未だかつて聞いたことがないような、恐ろしい憎しみに充ちた声色、魂が震えるような悲鳴のような絶叫が、辺り一帯に響き渡り、静まり返っていた空気が、一瞬で変貌した。


0時頃、いつものようにイデア神への祈りを終え、自室に戻るために聖堂をあとにし、廊下を渡っていたときだった。

見渡してみるが、もちろん、夜中は部屋からの外出を禁じているためこの当たりには私の他に誰もいるはずがない。


その声はどこから聞こえてたのか、すぐに分かることになる。

外部には聞こえるはずもないもの。なぜなら、それは思念ー、誰かの感情だった。



いつもはノイズ混じりに単語や短い文体で様々な人間の声が入り交じって、流れ込んでくる。でも、今回のそれは、比類が違う、他の小さな思念をかき消す程の強力な、

たった一言に形容しがたい比類なき感情が渦巻いていた。

その感情はとてつもなく巨大な憎悪、 怨恨、

私の能力の効果範囲はそう遠くは及ばない。ここの中で暮らす誰かであることは間違いない。

誰だ?一体、誰がここまで…?



ピーン



エレベーターの真横を通り過ぎようとした刹那、軽快な音が響き不意に立ち止まる。そしてエレベーターのボタンが赤く点灯し、利用されまさにこの階に止まったことを意味している。 こんな時間に、誰が?と思案するのもつかの間、

開いたと同時に走るように突然飛び出してきた誰かとぶつかりそうになり、否、軽くぶつかった。
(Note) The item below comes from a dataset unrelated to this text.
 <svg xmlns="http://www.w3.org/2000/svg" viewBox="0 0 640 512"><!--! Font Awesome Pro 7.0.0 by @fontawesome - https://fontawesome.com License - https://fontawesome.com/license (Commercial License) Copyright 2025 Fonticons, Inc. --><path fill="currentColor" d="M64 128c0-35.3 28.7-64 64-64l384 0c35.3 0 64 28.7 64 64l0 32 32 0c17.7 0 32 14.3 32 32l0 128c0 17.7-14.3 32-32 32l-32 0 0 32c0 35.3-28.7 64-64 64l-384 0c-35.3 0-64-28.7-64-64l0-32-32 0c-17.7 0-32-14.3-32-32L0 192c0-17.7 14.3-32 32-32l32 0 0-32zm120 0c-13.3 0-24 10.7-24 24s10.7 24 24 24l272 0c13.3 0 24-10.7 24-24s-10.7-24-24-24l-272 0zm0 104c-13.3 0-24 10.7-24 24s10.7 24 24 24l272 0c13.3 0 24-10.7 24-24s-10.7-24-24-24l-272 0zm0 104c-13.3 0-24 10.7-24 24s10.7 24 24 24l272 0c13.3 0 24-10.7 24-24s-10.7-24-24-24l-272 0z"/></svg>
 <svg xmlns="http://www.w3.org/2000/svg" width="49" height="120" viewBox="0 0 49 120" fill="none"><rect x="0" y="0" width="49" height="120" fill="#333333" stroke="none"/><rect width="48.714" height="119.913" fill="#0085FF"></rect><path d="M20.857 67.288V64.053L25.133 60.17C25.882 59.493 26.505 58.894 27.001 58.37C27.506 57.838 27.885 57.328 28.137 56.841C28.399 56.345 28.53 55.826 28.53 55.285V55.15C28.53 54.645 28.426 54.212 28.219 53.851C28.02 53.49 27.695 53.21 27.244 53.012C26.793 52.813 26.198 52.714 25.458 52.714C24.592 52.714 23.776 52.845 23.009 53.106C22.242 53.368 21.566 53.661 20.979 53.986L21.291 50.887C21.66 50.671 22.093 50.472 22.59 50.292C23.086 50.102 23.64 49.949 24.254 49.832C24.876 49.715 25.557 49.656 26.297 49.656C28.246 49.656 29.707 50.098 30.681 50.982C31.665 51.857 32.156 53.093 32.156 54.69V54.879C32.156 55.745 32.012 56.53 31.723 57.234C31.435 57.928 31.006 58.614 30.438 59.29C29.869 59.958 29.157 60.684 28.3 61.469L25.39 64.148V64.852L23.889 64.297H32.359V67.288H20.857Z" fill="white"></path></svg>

私は無意識にその人物を制止するように軽く 肩を抱き引き止める。


それは、結衣さんだった。

だけどいつものような格好でなかったことに一瞬、誰だか分からなかった。

漆黒の足元まで覆うローブは全体的に切り刻まれたかのように歪な形でボロボロに破れ、いつも纏められていた長い金髪も、解れ、3分の1くらい、裾が不自然に切れている。

更に泣いていたのだろうか、目は赤く染まっており、1番目を引いたのは、足と腕にかけて何か鋭利な刃物に切られたかのように細かな裂傷が無数に出来、血が滲み、今も滴り落ちている。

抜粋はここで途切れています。